- Born: October 14, 1981 (age 44) Zonguldak, Turkey
- Education: Middle East Technical University (BSc); University of Göttingen (MSc); University of Tübingen (PhD); TU Dresden (Habilitation);
- Scientific career
- Fields: Neuroscience Genetics Functional genomics
- Workplaces: Max Planck Institute; TU Dresden; Helmholtz Association of German Research Centres; Columbia University;
- Doctoral advisor: Christiane Nüsslein-Volhard
- Website: www.neurology.columbia.edu/profile/caghan-kizil-phd www.kizillab.org

= Çağhan Kızıl =

Turkish neuroscientist and geneticist (born 1981)

Çağhan Kızıl (born October 14, 1981) is a Turkish/German neuroscientist and geneticist, and Professor of Neurological Sciences at the Department of Neurology and the Taub Institute for Research on Alzheimer's Disease and the Aging Brain at the Columbia University Vagelos College of Physicians and Surgeons Columbia University Irving Medical Center.

His research culminates interdisciplinary approaches harboring genetics, neuroscience, cell biology, neuroimmunology, biotechnology and drug development. His team focuses on learning from Zebrafish how to enable the adult brain to better cope with neurodegenerative diseases and regenerate. By generating the first adult zebrafish brain Alzheimer's model, and single cell sequencing-based investigation of the stem cell plasticity in this model, he aims to understand the molecular programs for zebrafish brain to induce regenerative neural stem cell plasticity and to investigate the functions of human genes related to Alzheimer's disease in zebrafish brain. He develops tools for comparative studies in mammalian brains such as 3D human brain models as novel in vitro platforms for drug development.

In 2024, Kizil and colleagues identified a rare protective variant in the fibronectin 1 (FN1) gene that was associated with a substantially reduced risk of Alzheimer's disease among carriers of the high-risk APOE ε4 allele. The study combined large-scale human genetic analyses with postmortem brain tissue and experimental validation in zebrafish, implicating fibronectin at the blood–brain barrier as a key mediator of Alzheimer's disease risk and a potential therapeutic target. The findings received broad coverage in the scientific and popular press, including by Alzforum, which described the work as identifying a rare protective variant that may explain resilience to APOE ε4-associated Alzheimer's disease, and Newsweek, which highlighted its implications for new therapeutic strategies. Building on this work, his laboratory subsequently showed that fibronectin mediates APOE4-driven blood–brain barrier dysfunction in Alzheimer's disease, disrupting astrocyte–endothelial interactions, in a study published in Nature Aging.

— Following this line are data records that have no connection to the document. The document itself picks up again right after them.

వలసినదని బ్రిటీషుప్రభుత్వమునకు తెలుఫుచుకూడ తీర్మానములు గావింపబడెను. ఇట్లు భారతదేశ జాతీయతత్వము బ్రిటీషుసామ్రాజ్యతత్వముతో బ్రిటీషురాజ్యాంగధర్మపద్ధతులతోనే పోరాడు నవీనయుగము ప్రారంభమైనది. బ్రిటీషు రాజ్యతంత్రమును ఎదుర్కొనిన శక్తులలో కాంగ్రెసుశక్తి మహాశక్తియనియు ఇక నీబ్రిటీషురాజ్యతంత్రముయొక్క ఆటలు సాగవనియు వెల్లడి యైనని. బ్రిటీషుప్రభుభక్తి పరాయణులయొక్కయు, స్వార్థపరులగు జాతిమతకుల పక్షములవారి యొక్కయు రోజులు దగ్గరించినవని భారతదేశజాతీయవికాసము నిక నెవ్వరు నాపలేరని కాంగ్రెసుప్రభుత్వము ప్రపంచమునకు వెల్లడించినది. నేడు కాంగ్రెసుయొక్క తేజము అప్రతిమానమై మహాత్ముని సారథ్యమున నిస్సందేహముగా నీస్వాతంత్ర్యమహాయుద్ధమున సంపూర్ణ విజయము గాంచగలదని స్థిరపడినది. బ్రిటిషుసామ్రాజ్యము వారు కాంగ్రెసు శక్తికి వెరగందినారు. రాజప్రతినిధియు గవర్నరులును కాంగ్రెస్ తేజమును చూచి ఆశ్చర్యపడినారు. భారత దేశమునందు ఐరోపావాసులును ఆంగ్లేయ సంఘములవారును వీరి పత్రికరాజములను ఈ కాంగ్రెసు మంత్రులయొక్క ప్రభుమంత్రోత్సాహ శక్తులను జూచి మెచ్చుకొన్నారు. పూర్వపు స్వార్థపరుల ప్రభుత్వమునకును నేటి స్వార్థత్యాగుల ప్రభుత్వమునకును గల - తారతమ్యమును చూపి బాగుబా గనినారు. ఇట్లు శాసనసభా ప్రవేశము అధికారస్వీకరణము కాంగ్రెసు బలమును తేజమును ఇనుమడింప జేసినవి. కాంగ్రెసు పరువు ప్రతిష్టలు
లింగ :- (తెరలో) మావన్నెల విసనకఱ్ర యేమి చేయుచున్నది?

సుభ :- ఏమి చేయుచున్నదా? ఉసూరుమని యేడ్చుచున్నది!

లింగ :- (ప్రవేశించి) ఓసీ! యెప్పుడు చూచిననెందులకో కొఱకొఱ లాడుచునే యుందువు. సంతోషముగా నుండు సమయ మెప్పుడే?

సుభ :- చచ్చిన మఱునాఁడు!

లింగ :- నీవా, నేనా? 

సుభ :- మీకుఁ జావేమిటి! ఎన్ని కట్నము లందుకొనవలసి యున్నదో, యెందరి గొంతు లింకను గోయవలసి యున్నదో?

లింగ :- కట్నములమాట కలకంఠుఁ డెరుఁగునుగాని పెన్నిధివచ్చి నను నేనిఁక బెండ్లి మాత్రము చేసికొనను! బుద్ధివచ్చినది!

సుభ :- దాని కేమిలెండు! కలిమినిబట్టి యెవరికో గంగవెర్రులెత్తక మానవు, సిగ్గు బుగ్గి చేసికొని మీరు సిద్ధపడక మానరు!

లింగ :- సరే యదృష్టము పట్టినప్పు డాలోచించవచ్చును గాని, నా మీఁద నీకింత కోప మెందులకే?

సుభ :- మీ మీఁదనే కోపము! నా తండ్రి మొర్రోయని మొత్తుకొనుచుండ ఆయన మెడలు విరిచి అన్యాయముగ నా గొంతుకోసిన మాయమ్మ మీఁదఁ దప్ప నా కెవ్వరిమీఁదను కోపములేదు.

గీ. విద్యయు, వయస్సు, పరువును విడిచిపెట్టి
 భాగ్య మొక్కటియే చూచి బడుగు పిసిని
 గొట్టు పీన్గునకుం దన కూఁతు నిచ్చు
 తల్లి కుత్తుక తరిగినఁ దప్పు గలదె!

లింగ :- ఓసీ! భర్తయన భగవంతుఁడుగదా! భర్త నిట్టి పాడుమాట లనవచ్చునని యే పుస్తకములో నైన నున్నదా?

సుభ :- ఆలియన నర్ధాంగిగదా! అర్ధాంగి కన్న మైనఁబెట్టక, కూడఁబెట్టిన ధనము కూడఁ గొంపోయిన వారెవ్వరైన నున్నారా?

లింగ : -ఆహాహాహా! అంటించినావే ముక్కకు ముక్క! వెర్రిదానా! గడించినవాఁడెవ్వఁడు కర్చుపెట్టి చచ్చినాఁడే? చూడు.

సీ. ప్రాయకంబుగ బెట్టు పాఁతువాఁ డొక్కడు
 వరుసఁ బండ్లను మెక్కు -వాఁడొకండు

Previously, he was leading Helmholtz research group in German Center for Neurodegenerative Diseases within Helmholtz Association. He established his lab after receiving Helmholtz Young investigator award in 2013. In 2014, he became Docent (Associate Professor) by Council of Higher Education (Turkey). In 2019, he became a tenured group leader in DZNE Dresden within the Helmholtz Association. He was the founder CEO of the first spin-off company of German Center for Neurodegenerative Diseases, Neuron-D GmbH that specializes on 3D high-throughput drug screening platform for neurological diseases.